**ASSIGNED TASK**
From the entries below, copy out every line with "stone" in it.

**TASK INPUT**
..........
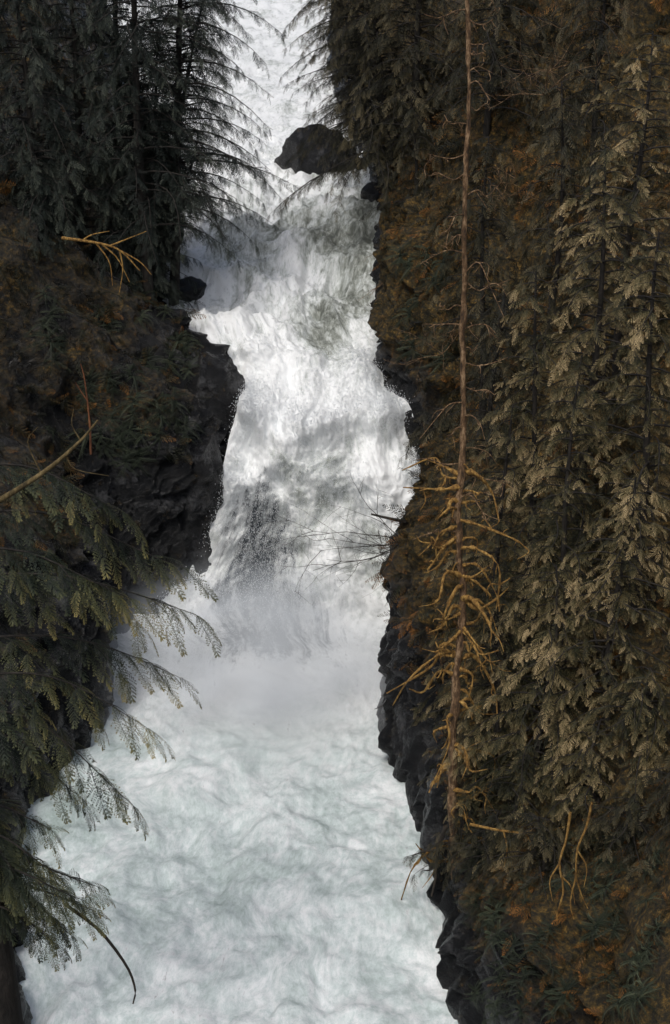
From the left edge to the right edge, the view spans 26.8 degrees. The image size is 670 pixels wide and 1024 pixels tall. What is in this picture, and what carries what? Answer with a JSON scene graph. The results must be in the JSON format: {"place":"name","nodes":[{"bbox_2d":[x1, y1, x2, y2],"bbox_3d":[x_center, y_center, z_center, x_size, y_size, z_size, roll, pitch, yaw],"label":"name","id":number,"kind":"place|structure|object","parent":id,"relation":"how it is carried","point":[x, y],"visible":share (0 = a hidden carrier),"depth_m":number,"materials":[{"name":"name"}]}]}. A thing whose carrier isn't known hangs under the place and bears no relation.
{"place":"outdoors","nodes":[
{"label":"outdoors","id":0,"kind":"place"},
{"bbox_2d":[0,0,244,1023],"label":"river bank","id":1,"kind":"structure","parent":0,"point":[150,506],"depth_m":46.79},
{"bbox_2d":[24,316,65,351],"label":"sword fern","id":2,"kind":"object","parent":1,"relation":"on","point":[44,325],"visible":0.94,"depth_m":45.65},
{"bbox_2d":[23,326,68,371],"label":"sword fern","id":3,"kind":"object","parent":1,"relation":"on","point":[52,345],"visible":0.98,"depth_m":45.64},
{"bbox_2d":[8,156,95,261],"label":"fir tree","id":4,"kind":"object","parent":1,"relation":"on","point":[39,183],"visible":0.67,"depth_m":48.97,"materials":[{"name":"green plant"}]},
{"bbox_2d":[35,298,69,331],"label":"sword fern","id":5,"kind":"object","parent":1,"relation":"on","point":[51,317],"visible":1,"depth_m":45.78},
{"bbox_2d":[0,799,135,1023],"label":"young cedar tree","id":6,"kind":"object","parent":1,"relation":"on","point":[17,896],"visible":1,"depth_m":18.83,"materials":[{"name":"green plant"}]},
{"bbox_2d":[0,0,136,257],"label":"fir tree","id":7,"kind":"object","parent":1,"relation":"on","point":[27,105],"visible":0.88,"depth_m":48.85,"materials":[{"name":"green plant"}]},
{"bbox_2d":[75,364,91,454],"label":"broken stem","id":8,"kind":"object","parent":1,"relation":"on","point":[90,436],"visible":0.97,"depth_m":37.71,"materials":[{"name":"brown wood"}]},
{"bbox_2d":[0,0,180,271],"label":"fir tree","id":9,"kind":"object","parent":1,"relation":"on","point":[75,53],"visible":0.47,"depth_m":50.61,"materials":[{"name":"green plant"}]},
{"bbox_2d":[77,367,106,393],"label":"sword fern","id":10,"kind":"object","parent":1,"relation":"on","point":[91,378],"visible":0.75,"depth_m":46.67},
{"bbox_2d":[0,8,205,727],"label":"undergrowth","id":11,"kind":"object","parent":1,"relation":"on","point":[4,202],"visible":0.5,"depth_m":46.34,"materials":[{"name":"brown plant"}]},
{"bbox_2d":[91,414,114,450],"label":"sword fern","id":12,"kind":"object","parent":1,"relation":"on","point":[100,433],"visible":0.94,"depth_m":46.54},
{"bbox_2d":[61,231,151,291],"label":"fallen branch","id":13,"kind":"object","parent":1,"relation":"on","point":[104,245],"visible":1,"depth_m":43.08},
{"bbox_2d":[0,409,221,840],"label":"cedar tree","id":14,"kind":"object","parent":1,"relation":"on","point":[56,514],"visible":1,"depth_m":24.17,"materials":[{"name":"green plant"}]},
{"bbox_2d":[49,0,192,270],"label":"fir tree","id":15,"kind":"object","parent":1,"relation":"on","point":[116,106],"visible":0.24,"depth_m":52.27,"materials":[{"name":"green plant"}]},
{"bbox_2d":[107,423,134,457],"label":"sword fern","id":16,"kind":"object","parent":1,"relation":"on","point":[119,429],"visible":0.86,"depth_m":47.03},
{"bbox_2d":[108,447,140,481],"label":"sword fern","id":17,"kind":"object","parent":1,"relation":"on","point":[125,459],"visible":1,"depth_m":46.94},
{"bbox_2d":[81,171,171,305],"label":"fir tree","id":18,"kind":"object","parent":1,"relation":"on","point":[118,271],"visible":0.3,"depth_m":52.59,"materials":[{"name":"green plant"}]},
{"bbox_2d":[122,363,148,399],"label":"sword fern","id":19,"kind":"object","parent":1,"relation":"on","point":[134,377],"visible":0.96,"depth_m":47.32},
{"bbox_2d":[116,390,163,427],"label":"sword fern","id":20,"kind":"object","parent":1,"relation":"on","point":[138,394],"visible":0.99,"depth_m":46.91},
{"bbox_2d":[102,198,181,302],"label":"fir tree","id":21,"kind":"object","parent":1,"relation":"on","point":[156,282],"visible":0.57,"depth_m":52.48,"materials":[{"name":"green plant"}]},
{"bbox_2d":[127,447,156,478],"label":"sword fern","id":22,"kind":"object","parent":1,"relation":"on","point":[138,458],"visible":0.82,"depth_m":47.30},
{"bbox_2d":[43,0,246,304],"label":"fir tree","id":23,"kind":"object","parent":1,"relation":"on","point":[139,172],"visible":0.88,"depth_m":50.09,"materials":[{"name":"green plant"}]},
{"bbox_2d":[130,417,169,450],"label":"sword fern","id":24,"kind":"object","parent":1,"relation":"on","point":[143,432],"visible":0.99,"depth_m":46.97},
{"bbox_2d":[132,399,170,436],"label":"sword fern","id":25,"kind":"object","parent":1,"relation":"on","point":[158,414],"visible":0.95,"depth_m":47.17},
{"bbox_2d":[113,103,205,315],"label":"fir tree","id":26,"kind":"object","parent":1,"relation":"on","point":[169,237],"visible":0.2,"depth_m":54.20,"materials":[{"name":"green plant"}]},
{"bbox_2d":[103,29,217,254],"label":"fir tree","id":27,"kind":"object","parent":1,"relation":"on","point":[201,228],"visible":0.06,"depth_m":56.59,"materials":[{"name":"green plant"}]},
{"bbox_2d":[148,394,183,434],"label":"sword fern","id":28,"kind":"object","parent":1,"relation":"on","point":[171,413],"visible":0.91,"depth_m":47.63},
{"bbox_2d":[162,342,187,377],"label":"sword fern","id":29,"kind":"object","parent":1,"relation":"on","point":[169,359],"visible":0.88,"depth_m":50.36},
{"bbox_2d":[157,387,192,425],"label":"sword fern","id":30,"kind":"object","parent":1,"relation":"on","point":[173,396],"visible":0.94,"depth_m":47.86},
{"bbox_2d":[63,0,300,305],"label":"fir tree","id":31,"kind":"object","parent":1,"relation":"on","point":[200,46],"visible":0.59,"depth_m":51.85,"materials":[{"name":"green plant"}]},
{"bbox_2d":[165,276,206,301],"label":"boulder","id":32,"kind":"object","parent":1,"relation":"on","point":[186,287],"visible":0.52,"depth_m":56.52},
{"bbox_2d":[137,0,241,267],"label":"fir tree","id":33,"kind":"object","parent":1,"relation":"on","point":[189,64],"visible":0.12,"depth_m":54.77,"materials":[{"name":"green plant"}]},
{"bbox_2d":[178,431,223,544],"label":"rock outcrop","id":34,"kind":"object","parent":1,"relation":"on","point":[204,489],"visible":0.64,"depth_m":48.64,"materials":[{"name":"stone"}]},
{"bbox_2d":[195,352,244,416],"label":"rock outcrop","id":35,"kind":"object","parent":1,"relation":"on","point":[221,379],"visible":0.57,"depth_m":50.11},
{"bbox_2d":[15,627,457,1023],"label":"plunge pool","id":36,"kind":"structure","parent":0,"point":[260,874],"depth_m":36.58,"materials":[{"name":"white liquid"}]},
{"bbox_2d":[106,0,380,358],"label":"river","id":37,"kind":"structure","parent":0,"point":[306,274],"depth_m":60.73,"materials":[{"name":"white liquid"}]},
{"bbox_2d":[274,124,361,174],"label":"boulder","id":38,"kind":"object","parent":37,"relation":"in","point":[290,147],"visible":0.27,"depth_m":69.56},
{"bbox_2d":[117,345,419,635],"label":"waterfall","id":39,"kind":"structure","parent":0,"point":[356,619],"depth_m":49.38,"materials":[{"name":"white liquid"}]},
{"bbox_2d":[121,302,420,643],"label":"spray drops","id":40,"kind":"object","parent":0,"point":[245,400],"visible":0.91,"depth_m":49.27,"materials":[{"name":"white liquid"}]},
{"bbox_2d":[327,0,669,1023],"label":"river bank","id":41,"kind":"structure","parent":0,"point":[403,742],"depth_m":38.68,"materials":[{"name":"stone"}]},
{"bbox_2d":[244,473,406,601],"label":"bare shrub","id":42,"kind":"object","parent":41,"relation":"on","point":[379,547],"visible":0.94,"depth_m":42.91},
{"bbox_2d":[290,0,396,177],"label":"conifer tree","id":43,"kind":"object","parent":41,"relation":"on","point":[335,7],"visible":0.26,"depth_m":63.68,"materials":[{"name":"green plant"}]},
{"bbox_2d":[264,0,465,227],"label":"conifer tree","id":44,"kind":"object","parent":41,"relation":"on","point":[375,157],"visible":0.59,"depth_m":57.87,"materials":[{"name":"green plant"}]},
{"bbox_2d":[360,182,382,202],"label":"boulder","id":45,"kind":"object","parent":41,"relation":"on","point":[370,192],"visible":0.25,"depth_m":63.56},
{"bbox_2d":[382,238,414,281],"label":"sword fern","id":46,"kind":"object","parent":41,"relation":"on","point":[399,259],"visible":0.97,"depth_m":49.97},
{"bbox_2d":[358,89,442,222],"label":"conifer tree","id":47,"kind":"object","parent":41,"relation":"on","point":[414,154],"visible":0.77,"depth_m":53.65,"materials":[{"name":"green plant"}]},
{"bbox_2d":[383,257,417,286],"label":"sword fern","id":48,"kind":"object","parent":41,"relation":"on","point":[407,265],"visible":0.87,"depth_m":49.96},
{"bbox_2d":[390,303,420,338],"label":"sword fern","id":49,"kind":"object","parent":41,"relation":"on","point":[408,313],"visible":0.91,"depth_m":49.61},
{"bbox_2d":[325,0,487,204],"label":"conifer tree","id":50,"kind":"object","parent":41,"relation":"on","point":[416,68],"visible":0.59,"depth_m":55.25,"materials":[{"name":"green plant"}]},
{"bbox_2d":[396,334,431,370],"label":"sword fern","id":51,"kind":"object","parent":41,"relation":"on","point":[411,347],"visible":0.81,"depth_m":49.63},
{"bbox_2d":[384,310,460,385],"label":"bare shrub","id":52,"kind":"object","parent":41,"relation":"on","point":[442,352],"visible":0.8,"depth_m":46.88,"materials":[{"name":"brown plant"}]},
{"bbox_2d":[397,405,459,469],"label":"conifer tree","id":53,"kind":"object","parent":41,"relation":"on","point":[424,436],"visible":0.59,"depth_m":47.09,"materials":[{"name":"green plant"}]},
{"bbox_2d":[412,825,447,896],"bbox_3d":[2.249,8.334,33.569,0.845,2.022,0.114,0,22,0],"label":"dead branch","id":54,"kind":"object","parent":41,"relation":"on","point":[442,834],"visible":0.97,"depth_m":33.46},
{"bbox_2d":[415,343,455,373],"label":"sword fern","id":55,"kind":"object","parent":41,"relation":"on","point":[439,359],"visible":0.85,"depth_m":48.58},
{"bbox_2d":[403,808,481,891],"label":"conifer tree","id":56,"kind":"object","parent":41,"relation":"on","point":[459,832],"visible":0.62,"depth_m":33.28,"materials":[{"name":"green plant"}]},
{"bbox_2d":[431,247,454,284],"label":"sword fern","id":57,"kind":"object","parent":41,"relation":"on","point":[442,263],"visible":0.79,"depth_m":48.94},
{"bbox_2d":[440,936,461,983],"bbox_3d":[3.171,10.832,32.218,1.526,1.694,1.611,0,22,0],"label":"rock outcrop","id":58,"kind":"object","parent":41,"relation":"on","point":[452,968],"visible":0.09,"depth_m":31.99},
{"bbox_2d":[387,0,529,899],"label":"bare snag","id":59,"kind":"object","parent":41,"relation":"on","point":[465,598],"visible":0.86,"depth_m":30.67,"materials":[{"name":"brown plant"}]},
{"bbox_2d":[411,136,543,437],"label":"conifer tree","id":60,"kind":"object","parent":41,"relation":"on","point":[479,246],"visible":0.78,"depth_m":41.78,"materials":[{"name":"green plant"}]},
{"bbox_2d":[442,722,515,824],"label":"hemlock tree","id":61,"kind":"object","parent":41,"relation":"on","point":[476,803],"visible":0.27,"depth_m":33.46,"materials":[{"name":"green plant"}]},
{"bbox_2d":[410,405,549,772],"bbox_3d":[4.028,2.150,33.762,3.882,9.758,3.809,-20,29,-40],"label":"hemlock tree","id":62,"kind":"object","parent":41,"relation":"on","point":[496,545],"visible":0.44,"depth_m":33.07,"materials":[{"name":"green plant"}]},
{"bbox_2d":[441,807,521,903],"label":"conifer tree","id":63,"kind":"object","parent":41,"relation":"on","point":[487,847],"visible":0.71,"depth_m":31.62,"materials":[{"name":"green plant"}]},
{"bbox_2d":[422,293,544,497],"bbox_3d":[4.297,-2.894,38.537,3.701,6.264,3.422,0,22,0],"label":"conifer tree","id":64,"kind":"object","parent":41,"relation":"on","point":[493,375],"visible":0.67,"depth_m":38.38,"materials":[{"name":"green plant"}]},
{"bbox_2d":[417,582,551,830],"bbox_3d":[3.865,5.081,33.035,3.180,7.365,2.979,-12,25,-27],"label":"hemlock tree","id":65,"kind":"object","parent":41,"relation":"on","point":[500,677],"visible":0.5,"depth_m":32.55,"materials":[{"name":"green plant"}]},
{"bbox_2d":[474,902,509,934],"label":"sword fern","id":66,"kind":"object","parent":41,"relation":"on","point":[494,913],"visible":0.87,"depth_m":30.37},
{"bbox_2d":[406,0,578,150],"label":"conifer tree","id":67,"kind":"object","parent":41,"relation":"on","point":[493,58],"visible":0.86,"depth_m":47.39,"materials":[{"name":"green plant"}]},
{"bbox_2d":[478,962,510,1003],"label":"sword fern","id":68,"kind":"object","parent":41,"relation":"on","point":[501,974],"visible":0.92,"depth_m":29.36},
{"bbox_2d":[482,998,513,1023],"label":"sword fern","id":69,"kind":"object","parent":41,"relation":"on","point":[498,1012],"visible":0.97,"depth_m":28.77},
{"bbox_2d":[485,919,511,961],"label":"sword fern","id":70,"kind":"object","parent":41,"relation":"on","point":[496,936],"visible":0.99,"depth_m":29.77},
{"bbox_2d":[412,271,604,741],"bbox_3d":[4.350,0.420,33.803,4.646,12.568,4.633,5,23,13],"label":"hemlock tree","id":71,"kind":"object","parent":41,"relation":"on","point":[534,460],"visible":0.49,"depth_m":32.72,"materials":[{"name":"green plant"}]},
{"bbox_2d":[500,929,523,961],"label":"sword fern","id":72,"kind":"object","parent":41,"relation":"on","point":[510,948],"visible":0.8,"depth_m":29.45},
{"bbox_2d":[462,753,562,872],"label":"hemlock tree","id":73,"kind":"object","parent":41,"relation":"on","point":[513,805],"visible":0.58,"depth_m":31.53,"materials":[{"name":"green plant"}]},
{"bbox_2d":[469,823,564,868],"bbox_3d":[3.929,7.312,30.563,2.069,1.321,0.065,0,22,0],"label":"branch","id":74,"kind":"object","parent":41,"relation":"on","point":[488,828],"visible":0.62,"depth_m":30.37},
{"bbox_2d":[365,0,669,1023],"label":"undergrowth","id":75,"kind":"object","parent":41,"relation":"on","point":[453,146],"visible":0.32,"depth_m":41.70,"materials":[{"name":"brown plant"}]},
{"bbox_2d":[505,999,530,1023],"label":"sword fern","id":76,"kind":"object","parent":41,"relation":"on","point":[520,1010],"visible":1,"depth_m":28.41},
{"bbox_2d":[505,965,544,1005],"bbox_3d":[3.910,9.655,28.809,0.837,0.432,0.957,23,63,45],"label":"sword fern","id":77,"kind":"object","parent":41,"relation":"on","point":[524,974],"visible":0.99,"depth_m":28.73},
{"bbox_2d":[472,811,590,913],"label":"conifer tree","id":78,"kind":"object","parent":41,"relation":"on","point":[527,855],"visible":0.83,"depth_m":29.97,"materials":[{"name":"green plant"}]},
{"bbox_2d":[478,143,584,222],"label":"bare shrub","id":79,"kind":"object","parent":41,"relation":"on","point":[513,184],"visible":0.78,"depth_m":40.73,"materials":[{"name":"brown plant"}]},
{"bbox_2d":[511,929,552,959],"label":"sword fern","id":80,"kind":"object","parent":41,"relation":"on","point":[529,939],"visible":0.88,"depth_m":28.76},
{"bbox_2d":[447,562,625,830],"bbox_3d":[4.810,4.271,31.337,4.224,6.674,3.892,17,28,36],"label":"hemlock tree","id":81,"kind":"object","parent":41,"relation":"on","point":[537,749],"visible":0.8,"depth_m":30.97,"materials":[{"name":"green plant"}]},
{"bbox_2d":[450,380,638,780],"bbox_3d":[5.294,1.757,32.354,4.651,10.134,4.591,7,23,16],"label":"hemlock tree","id":82,"kind":"object","parent":41,"relation":"on","point":[562,533],"visible":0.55,"depth_m":31.20,"materials":[{"name":"green plant"}]},
{"bbox_2d":[486,24,616,121],"bbox_3d":[5.960,-12.055,38.614,3.450,2.924,2.346,0,22,0],"label":"bare shrub","id":83,"kind":"object","parent":41,"relation":"on","point":[553,85],"visible":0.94,"depth_m":38.62,"materials":[{"name":"brown plant"}]},
{"bbox_2d":[490,81,616,368],"bbox_3d":[6.190,-7.207,39.068,3.189,9.158,3.210,19,29,39],"label":"conifer tree","id":84,"kind":"object","parent":41,"relation":"on","point":[557,255],"visible":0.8,"depth_m":38.48,"materials":[{"name":"green plant"}]},
{"bbox_2d":[549,812,574,919],"bbox_3d":[4.617,7.412,28.449,0.567,3.154,0.058,0,22,0],"label":"mossy root","id":85,"kind":"object","parent":41,"relation":"on","point":[563,847],"visible":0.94,"depth_m":28.36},
{"bbox_2d":[545,866,578,900],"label":"sword fern","id":86,"kind":"object","parent":41,"relation":"on","point":[566,877],"visible":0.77,"depth_m":29.27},
{"bbox_2d":[544,974,581,1019],"bbox_3d":[4.561,9.675,28.181,1.117,0.558,1.160,15,67,33],"label":"sword fern","id":87,"kind":"object","parent":41,"relation":"on","point":[557,1003],"visible":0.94,"depth_m":27.98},
{"bbox_2d":[548,975,580,1008],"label":"sword fern","id":88,"kind":"object","parent":41,"relation":"on","point":[554,982],"visible":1,"depth_m":28.00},
{"bbox_2d":[466,146,669,665],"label":"hemlock tree","id":89,"kind":"object","parent":41,"relation":"on","point":[600,307],"visible":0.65,"depth_m":32.17,"materials":[{"name":"green plant"}]},
{"bbox_2d":[504,0,637,87],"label":"bare shrub","id":90,"kind":"object","parent":41,"relation":"on","point":[572,37],"visible":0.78,"depth_m":39.24,"materials":[{"name":"brown plant"}]},
{"bbox_2d":[520,718,633,882],"bbox_3d":[5.412,6.154,30.118,2.622,3.663,2.516,-6,23,-14],"label":"hemlock tree","id":91,"kind":"object","parent":41,"relation":"on","point":[590,779],"visible":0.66,"depth_m":29.82,"materials":[{"name":"green plant"}]},
{"bbox_2d":[493,31,669,478],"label":"hemlock tree","id":92,"kind":"object","parent":41,"relation":"on","point":[633,204],"visible":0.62,"depth_m":33.55,"materials":[{"name":"green plant"}]},
{"bbox_2d":[570,802,592,918],"bbox_3d":[4.947,7.121,28.116,0.422,3.108,0.054,0,22,0],"label":"mossy root","id":93,"kind":"object","parent":41,"relation":"on","point":[583,833],"visible":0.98,"depth_m":28.04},
{"bbox_2d":[502,475,669,756],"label":"hemlock tree","id":94,"kind":"object","parent":41,"relation":"on","point":[607,647],"visible":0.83,"depth_m":29.77,"materials":[{"name":"green plant"}]},
{"bbox_2d":[516,0,669,295],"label":"conifer tree","id":95,"kind":"object","parent":41,"relation":"on","point":[595,116],"visible":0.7,"depth_m":39.06,"materials":[{"name":"green plant"}]},
{"bbox_2d":[581,857,609,898],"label":"sword fern","id":96,"kind":"object","parent":41,"relation":"on","point":[593,878],"visible":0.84,"depth_m":28.77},
{"bbox_2d":[576,905,619,962],"bbox_3d":[5.339,8.284,28.066,0.569,1.186,1.366,24,2,-42],"label":"sword fern","id":97,"kind":"object","parent":41,"relation":"on","point":[584,926],"visible":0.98,"depth_m":27.90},
{"bbox_2d":[580,904,616,949],"bbox_3d":[5.221,8.243,28.079,0.906,0.941,0.453,16,-13,34],"label":"sword fern","id":98,"kind":"object","parent":41,"relation":"on","point":[594,931],"visible":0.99,"depth_m":27.93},
{"bbox_2d":[590,874,617,909],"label":"sword fern","id":99,"kind":"object","parent":41,"relation":"on","point":[603,889],"visible":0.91,"depth_m":28.20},
{"bbox_2d":[541,232,669,670],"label":"hemlock tree","id":100,"kind":"object","parent":41,"relation":"on","point":[648,409],"visible":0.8,"depth_m":29.89,"materials":[{"name":"green plant"}]},
{"bbox_2d":[589,971,621,998],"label":"sword fern","id":101,"kind":"object","parent":41,"relation":"on","point":[610,975],"visible":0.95,"depth_m":27.55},
{"bbox_2d":[589,914,626,960],"bbox_3d":[5.486,8.332,27.772,0.978,0.477,0.986,3,43,7],"label":"sword fern","id":102,"kind":"object","parent":41,"relation":"on","point":[613,928],"visible":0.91,"depth_m":27.65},
{"bbox_2d":[570,789,657,917],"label":"conifer tree","id":103,"kind":"object","parent":41,"relation":"on","point":[612,823],"visible":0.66,"depth_m":28.42,"materials":[{"name":"green plant"}]},
{"bbox_2d":[563,666,669,818],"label":"hemlock tree","id":104,"kind":"object","parent":41,"relation":"on","point":[648,705],"visible":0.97,"depth_m":28.90,"materials":[{"name":"green plant"}]},
{"bbox_2d":[602,985,630,1023],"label":"sword fern","id":105,"kind":"object","parent":41,"relation":"on","point":[611,1001],"visible":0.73,"depth_m":26.92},
{"bbox_2d":[618,947,649,983],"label":"sword fern","id":106,"kind":"object","parent":41,"relation":"on","point":[622,954],"visible":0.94,"depth_m":26.33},
{"bbox_2d":[618,978,659,1023],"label":"sword fern","id":107,"kind":"object","parent":41,"relation":"on","point":[629,999],"visible":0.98,"depth_m":25.55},
{"bbox_2d":[620,980,657,1014],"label":"sword fern","id":108,"kind":"object","parent":41,"relation":"on","point":[633,991],"visible":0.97,"depth_m":25.55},
{"bbox_2d":[621,977,659,1023],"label":"sword fern","id":109,"kind":"object","parent":41,"relation":"on","point":[637,999],"visible":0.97,"depth_m":25.34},
{"bbox_2d":[626,951,658,984],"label":"sword fern","id":110,"kind":"object","parent":41,"relation":"on","point":[640,967],"visible":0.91,"depth_m":25.97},
{"bbox_2d":[624,746,669,874],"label":"conifer tree","id":111,"kind":"object","parent":41,"relation":"on","point":[664,787],"visible":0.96,"depth_m":27.46,"materials":[{"name":"green plant"}]},
{"bbox_2d":[635,928,662,968],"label":"sword fern","id":112,"kind":"object","parent":41,"relation":"on","point":[648,947],"visible":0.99,"depth_m":26.02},
{"bbox_2d":[643,914,669,947],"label":"sword fern","id":113,"kind":"object","parent":41,"relation":"on","point":[657,928],"visible":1,"depth_m":25.90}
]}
..........
**REPLY TO THE TASK**
{"bbox_2d":[178,431,223,544],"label":"rock outcrop","id":34,"kind":"object","parent":1,"relation":"on","point":[204,489],"visible":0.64,"depth_m":48.64,"materials":[{"name":"stone"}]},
{"bbox_2d":[327,0,669,1023],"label":"river bank","id":41,"kind":"structure","parent":0,"point":[403,742],"depth_m":38.68,"materials":[{"name":"stone"}]},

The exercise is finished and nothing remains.